È già operativo da alcuni giorni il progetto “Imprese mai sole”, l’iniziativa lanciata da Confcommercio Palermo per offrire un sostegno concreto ai commercianti e agli esercenti vittime di minacce e richieste estorsive. Sono infatti partite le prime installazioni gratuite di telecamere di videosorveglianza negli esercizi commerciali che ne hanno fatto richiesta dopo essere stati oggetto di atti intimidatori di natura estorsiva. Il progetto si è ulteriormente rafforzato grazie all’adesione di Addiopizzo e dello Sportello di Solidarietà, due realtà da anni impegnate nell’assistenza, nell’accompagnamento alla denuncia e nella tutela delle vittime del racket delle estorsioni. Entrambe hanno messo a disposizione dell’iniziativa la propria esperienza, mentre Addiopizzo ha scelto anche di contribuire sostenendo il 50 per cento delle spese per i propri assistiti.
“Imprese mai sole” garantisce un sostegno concreto e gratuito agli imprenditori che, dopo aver subito minacce o richieste estorsive, decidono di denunciare alle forze dell’ordine le intimidazioni ricevute. Altre richieste di aiuto sono attualmente al vaglio e i relativi interventi saranno attivati nei prossimi giorni. Il sostegno prevede l’installazione di sistemi di videosorveglianza all’interno delle attività commerciali e, nei casi in cui venga ritenuto necessario, anche l’attivazione di un servizio di vigilanza privata. Possono accedere al servizio tutti gli imprenditori che abbiano presentato denuncia, indipendentemente dall’iscrizione a Confcommercio.

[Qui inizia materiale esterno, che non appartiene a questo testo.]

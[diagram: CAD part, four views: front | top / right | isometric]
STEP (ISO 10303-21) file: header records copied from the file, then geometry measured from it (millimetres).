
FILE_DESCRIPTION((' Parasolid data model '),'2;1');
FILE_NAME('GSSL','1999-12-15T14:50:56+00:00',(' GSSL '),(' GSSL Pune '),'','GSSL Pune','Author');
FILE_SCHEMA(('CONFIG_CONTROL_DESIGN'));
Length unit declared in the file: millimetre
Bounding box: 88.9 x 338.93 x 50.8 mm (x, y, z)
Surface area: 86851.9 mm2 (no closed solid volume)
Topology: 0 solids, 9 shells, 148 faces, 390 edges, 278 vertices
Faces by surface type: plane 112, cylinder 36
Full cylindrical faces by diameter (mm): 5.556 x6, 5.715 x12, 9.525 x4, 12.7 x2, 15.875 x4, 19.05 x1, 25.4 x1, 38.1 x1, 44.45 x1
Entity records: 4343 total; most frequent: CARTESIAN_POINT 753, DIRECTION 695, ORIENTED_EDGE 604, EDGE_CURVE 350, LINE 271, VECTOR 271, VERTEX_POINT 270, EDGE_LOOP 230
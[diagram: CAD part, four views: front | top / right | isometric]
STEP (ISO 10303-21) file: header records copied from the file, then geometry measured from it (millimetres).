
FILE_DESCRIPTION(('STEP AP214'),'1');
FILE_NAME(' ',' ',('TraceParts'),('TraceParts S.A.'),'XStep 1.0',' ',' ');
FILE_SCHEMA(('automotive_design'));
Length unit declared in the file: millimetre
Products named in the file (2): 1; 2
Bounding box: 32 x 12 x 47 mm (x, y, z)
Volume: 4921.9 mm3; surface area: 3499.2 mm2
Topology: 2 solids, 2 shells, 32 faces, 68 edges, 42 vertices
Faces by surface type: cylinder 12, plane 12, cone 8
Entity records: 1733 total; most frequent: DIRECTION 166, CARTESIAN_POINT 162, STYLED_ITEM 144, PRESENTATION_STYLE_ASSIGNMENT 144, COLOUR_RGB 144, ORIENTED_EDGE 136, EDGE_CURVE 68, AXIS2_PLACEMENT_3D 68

“L’unione fa la forza e la mafia si combatte insieme – afferma Patrizia Di Dio, presidente di Confcommercio Palermo e vicepresidente nazionale con delega alla legalità –. Siamo lietissimi di avere realizzato un aiuto concreto, come comunità di imprenditori che si stringe attorno a chi ha denunciato. In questo modo dimostriamo che non lasciamo solo nessuno. La condivisione e il sostegno del progetto da parte di Addiopizzo e Sportello di Solidarietà rappresentano un tassello molto importante e confermano l’esistenza di un fronte comune contro il racket, che non vuole limitarsi a una solidarietà di facciata. Più questa rete sarà forte, più sarà difficile continuare a condizionare la libertà d’impresa. I primi interventi, in ausilio ad alcuni imprenditori che hanno subito intimidazioni, testimoniano che abbiamo intercettato un’esigenza concreta del territorio e che attraverso un impegno sempre più capillare è possibile incentivare le denunce antiracket alle forze dell’ordine. Non ci sostituiamo allo Stato e alle forze dell’ordine, ma questa è una battaglia troppo importante e vogliamo esserci e fare la nostra parte”.